For the data that follows, print the line with "རིང་གཉིས་ཀྱི་ད", the line with "གཅིག་ཐོག་ཏུ་བཅད། ས་རང་ས་ནས་བཟུང་། གདངས་རང་གྲོལ་དུ་སྐྱོང་།", and all lines between them, exactly as they stand. Omit pictures and add nothing.
[[ Exercise materials open ]]
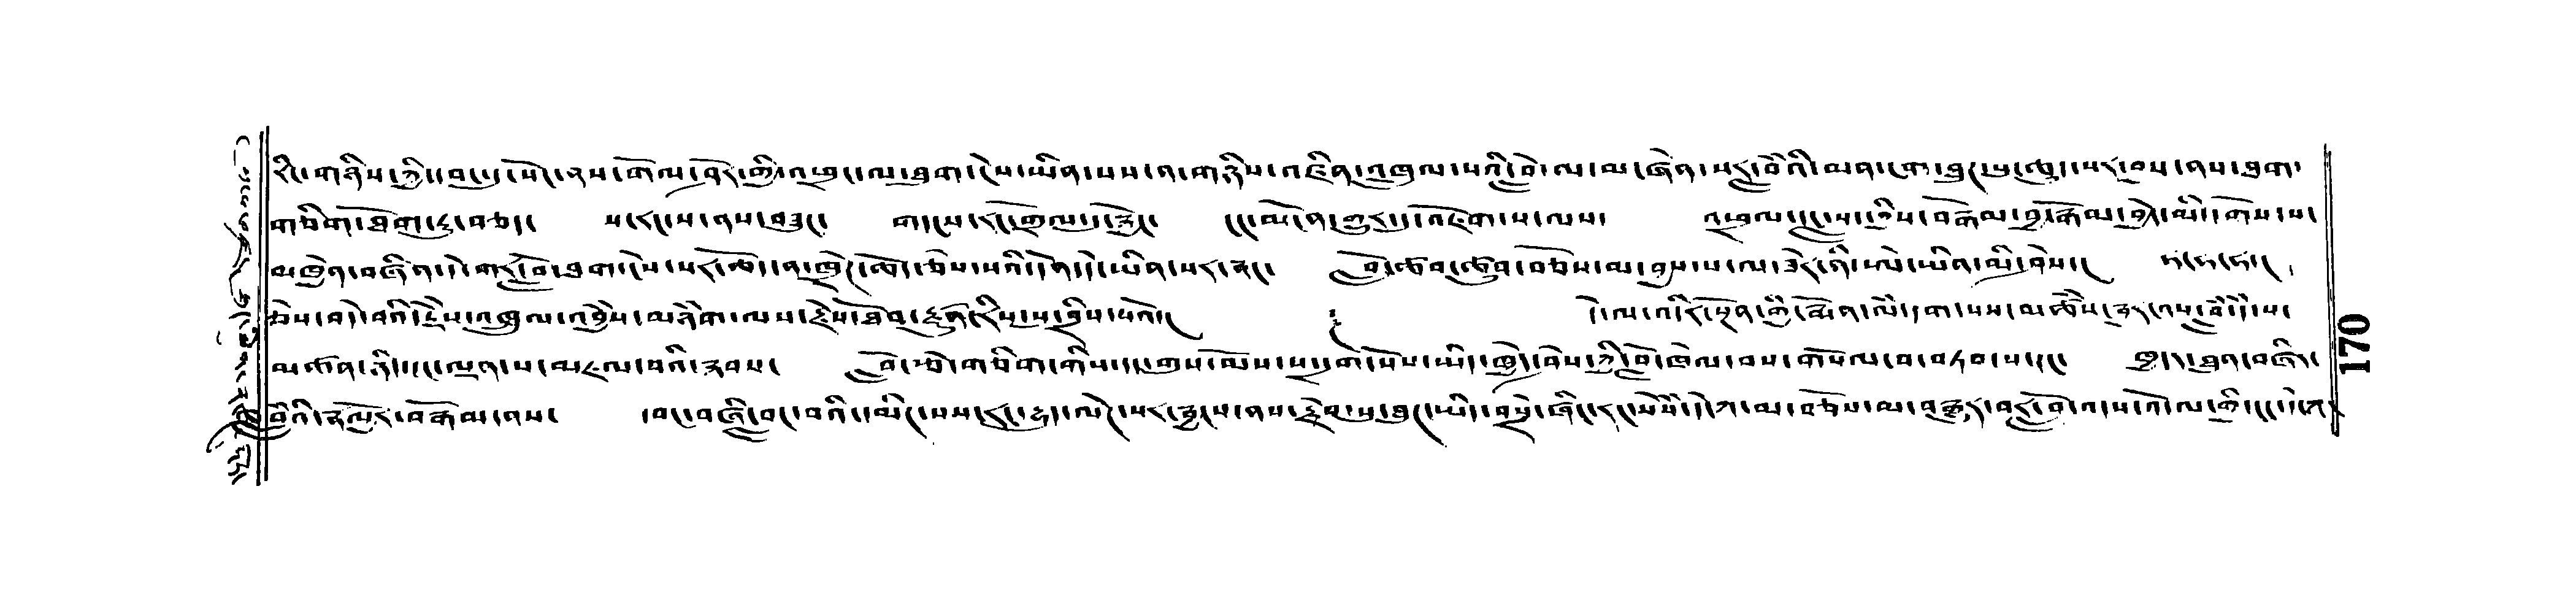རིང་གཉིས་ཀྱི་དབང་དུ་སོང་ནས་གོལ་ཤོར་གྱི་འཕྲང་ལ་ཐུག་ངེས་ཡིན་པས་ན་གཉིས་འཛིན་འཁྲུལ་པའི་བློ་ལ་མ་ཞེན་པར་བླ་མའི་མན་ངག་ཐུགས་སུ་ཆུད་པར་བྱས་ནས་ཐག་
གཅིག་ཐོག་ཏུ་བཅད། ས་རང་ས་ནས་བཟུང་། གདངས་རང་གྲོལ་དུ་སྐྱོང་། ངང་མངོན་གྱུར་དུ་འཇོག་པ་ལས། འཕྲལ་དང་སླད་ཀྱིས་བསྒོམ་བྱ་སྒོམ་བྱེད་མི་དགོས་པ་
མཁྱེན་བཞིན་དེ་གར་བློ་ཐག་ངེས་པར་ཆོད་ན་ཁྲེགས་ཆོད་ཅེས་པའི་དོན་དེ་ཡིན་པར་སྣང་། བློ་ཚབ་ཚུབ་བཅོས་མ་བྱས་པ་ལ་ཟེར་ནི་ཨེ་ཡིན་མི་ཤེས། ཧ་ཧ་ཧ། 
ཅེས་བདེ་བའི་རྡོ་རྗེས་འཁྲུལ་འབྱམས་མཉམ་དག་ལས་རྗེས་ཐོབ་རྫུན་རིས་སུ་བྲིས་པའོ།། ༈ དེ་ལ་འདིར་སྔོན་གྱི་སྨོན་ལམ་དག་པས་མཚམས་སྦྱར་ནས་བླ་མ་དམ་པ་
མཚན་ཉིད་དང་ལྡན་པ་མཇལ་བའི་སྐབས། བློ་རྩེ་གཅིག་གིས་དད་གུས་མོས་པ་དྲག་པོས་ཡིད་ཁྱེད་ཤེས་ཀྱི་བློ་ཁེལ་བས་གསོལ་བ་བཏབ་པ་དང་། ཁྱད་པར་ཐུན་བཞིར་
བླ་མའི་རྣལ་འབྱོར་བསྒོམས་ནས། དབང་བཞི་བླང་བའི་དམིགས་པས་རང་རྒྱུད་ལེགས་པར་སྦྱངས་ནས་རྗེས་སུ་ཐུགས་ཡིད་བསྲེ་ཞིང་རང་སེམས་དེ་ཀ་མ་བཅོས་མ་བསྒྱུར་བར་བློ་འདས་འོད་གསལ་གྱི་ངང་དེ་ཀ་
[[ Exercise materials closed ]]
[[ Exercise materials open ]]
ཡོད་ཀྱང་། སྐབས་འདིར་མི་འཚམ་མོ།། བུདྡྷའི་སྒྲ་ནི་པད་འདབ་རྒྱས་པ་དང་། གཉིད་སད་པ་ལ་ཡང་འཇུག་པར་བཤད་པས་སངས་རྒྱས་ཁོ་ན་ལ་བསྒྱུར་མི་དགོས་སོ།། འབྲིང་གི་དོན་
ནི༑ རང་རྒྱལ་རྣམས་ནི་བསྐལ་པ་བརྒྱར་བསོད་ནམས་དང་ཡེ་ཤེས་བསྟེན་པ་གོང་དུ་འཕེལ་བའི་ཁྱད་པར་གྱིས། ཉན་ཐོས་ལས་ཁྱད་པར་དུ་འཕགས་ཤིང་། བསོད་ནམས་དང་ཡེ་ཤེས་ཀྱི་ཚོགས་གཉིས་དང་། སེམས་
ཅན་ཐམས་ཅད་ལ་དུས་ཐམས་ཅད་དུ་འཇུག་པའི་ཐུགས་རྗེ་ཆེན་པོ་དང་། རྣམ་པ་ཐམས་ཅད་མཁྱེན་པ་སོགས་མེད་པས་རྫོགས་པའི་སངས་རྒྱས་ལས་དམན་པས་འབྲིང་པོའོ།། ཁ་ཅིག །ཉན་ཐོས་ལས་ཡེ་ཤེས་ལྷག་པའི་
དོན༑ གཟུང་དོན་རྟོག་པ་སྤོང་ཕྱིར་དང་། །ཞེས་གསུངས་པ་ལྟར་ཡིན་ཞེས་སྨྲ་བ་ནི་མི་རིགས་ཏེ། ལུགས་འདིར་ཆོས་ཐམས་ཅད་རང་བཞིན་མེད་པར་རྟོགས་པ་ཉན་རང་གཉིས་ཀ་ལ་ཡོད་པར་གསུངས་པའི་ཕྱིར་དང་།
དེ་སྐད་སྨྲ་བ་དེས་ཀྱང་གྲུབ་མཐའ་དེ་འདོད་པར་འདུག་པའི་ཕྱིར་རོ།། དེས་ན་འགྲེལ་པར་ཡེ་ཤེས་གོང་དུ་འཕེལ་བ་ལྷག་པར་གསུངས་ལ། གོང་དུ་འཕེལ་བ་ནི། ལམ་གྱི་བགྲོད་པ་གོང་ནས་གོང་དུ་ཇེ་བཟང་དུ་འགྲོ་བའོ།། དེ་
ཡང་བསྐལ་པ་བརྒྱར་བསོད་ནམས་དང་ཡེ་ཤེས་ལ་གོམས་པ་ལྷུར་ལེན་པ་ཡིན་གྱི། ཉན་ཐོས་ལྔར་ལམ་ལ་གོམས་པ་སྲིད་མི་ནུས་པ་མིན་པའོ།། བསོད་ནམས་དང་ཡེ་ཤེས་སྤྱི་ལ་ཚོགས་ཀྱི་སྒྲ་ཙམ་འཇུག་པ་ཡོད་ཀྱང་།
[[ Exercise materials closed ]]
[[ Exercise materials open ]]
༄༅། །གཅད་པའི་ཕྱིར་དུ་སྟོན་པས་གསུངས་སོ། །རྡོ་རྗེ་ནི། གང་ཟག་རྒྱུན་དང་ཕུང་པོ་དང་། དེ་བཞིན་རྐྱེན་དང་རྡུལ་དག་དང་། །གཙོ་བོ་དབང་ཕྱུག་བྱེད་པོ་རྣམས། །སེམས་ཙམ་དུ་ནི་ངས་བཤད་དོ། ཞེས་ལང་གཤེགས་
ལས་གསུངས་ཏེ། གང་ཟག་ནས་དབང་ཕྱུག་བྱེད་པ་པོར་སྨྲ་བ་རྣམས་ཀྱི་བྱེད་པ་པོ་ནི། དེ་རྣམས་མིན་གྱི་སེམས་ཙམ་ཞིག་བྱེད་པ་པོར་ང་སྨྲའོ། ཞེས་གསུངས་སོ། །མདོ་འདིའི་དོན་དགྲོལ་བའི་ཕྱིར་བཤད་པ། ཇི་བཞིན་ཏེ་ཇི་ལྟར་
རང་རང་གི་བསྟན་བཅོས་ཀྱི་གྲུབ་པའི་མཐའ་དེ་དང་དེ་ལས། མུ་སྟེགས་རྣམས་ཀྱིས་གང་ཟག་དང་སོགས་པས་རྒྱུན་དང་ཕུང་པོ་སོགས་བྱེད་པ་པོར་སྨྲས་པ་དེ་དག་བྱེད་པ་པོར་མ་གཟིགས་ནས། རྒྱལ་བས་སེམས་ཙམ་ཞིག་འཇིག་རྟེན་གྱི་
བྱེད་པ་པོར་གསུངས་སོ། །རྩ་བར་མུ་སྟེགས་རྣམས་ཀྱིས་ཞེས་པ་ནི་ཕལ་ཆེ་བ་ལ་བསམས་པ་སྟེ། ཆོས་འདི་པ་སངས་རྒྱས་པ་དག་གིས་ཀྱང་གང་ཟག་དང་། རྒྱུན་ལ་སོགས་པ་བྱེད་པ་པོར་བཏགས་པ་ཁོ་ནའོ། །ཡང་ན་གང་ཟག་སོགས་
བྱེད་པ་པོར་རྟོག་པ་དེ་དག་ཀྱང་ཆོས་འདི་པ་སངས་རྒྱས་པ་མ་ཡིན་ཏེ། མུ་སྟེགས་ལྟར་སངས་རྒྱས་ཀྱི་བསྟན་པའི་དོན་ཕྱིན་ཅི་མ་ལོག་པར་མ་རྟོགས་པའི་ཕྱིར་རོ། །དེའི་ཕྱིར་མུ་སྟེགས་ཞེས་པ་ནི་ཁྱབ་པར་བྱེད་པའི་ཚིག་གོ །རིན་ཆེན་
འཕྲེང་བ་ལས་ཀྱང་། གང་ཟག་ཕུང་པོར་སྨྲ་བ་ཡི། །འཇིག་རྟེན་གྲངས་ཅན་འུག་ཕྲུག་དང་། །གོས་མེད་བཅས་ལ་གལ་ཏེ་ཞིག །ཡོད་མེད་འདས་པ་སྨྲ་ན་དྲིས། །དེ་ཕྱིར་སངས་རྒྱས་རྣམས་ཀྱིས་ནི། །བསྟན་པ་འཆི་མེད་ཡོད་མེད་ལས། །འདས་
[[ Exercise materials closed ]]
#### Exercise output
རིང་གཉིས་ཀྱི་དབང་དུ་སོང་ནས་གོལ་ཤོར་གྱི་འཕྲང་ལ་ཐུག་ངེས་ཡིན་པས་ན་གཉིས་འཛིན་འཁྲུལ་པའི་བློ་ལ་མ་ཞེན་པར་བླ་མའི་མན་ངག་ཐུགས་སུ་ཆུད་པར་བྱས་ནས་ཐག་
གཅིག་ཐོག་ཏུ་བཅད། ས་རང་ས་ནས་བཟུང་། གདངས་རང་གྲོལ་དུ་སྐྱོང་། ངང་མངོན་གྱུར་དུ་འཇོག་པ་ལས། འཕྲལ་དང་སླད་ཀྱིས་བསྒོམ་བྱ་སྒོམ་བྱེད་མི་དགོས་པ་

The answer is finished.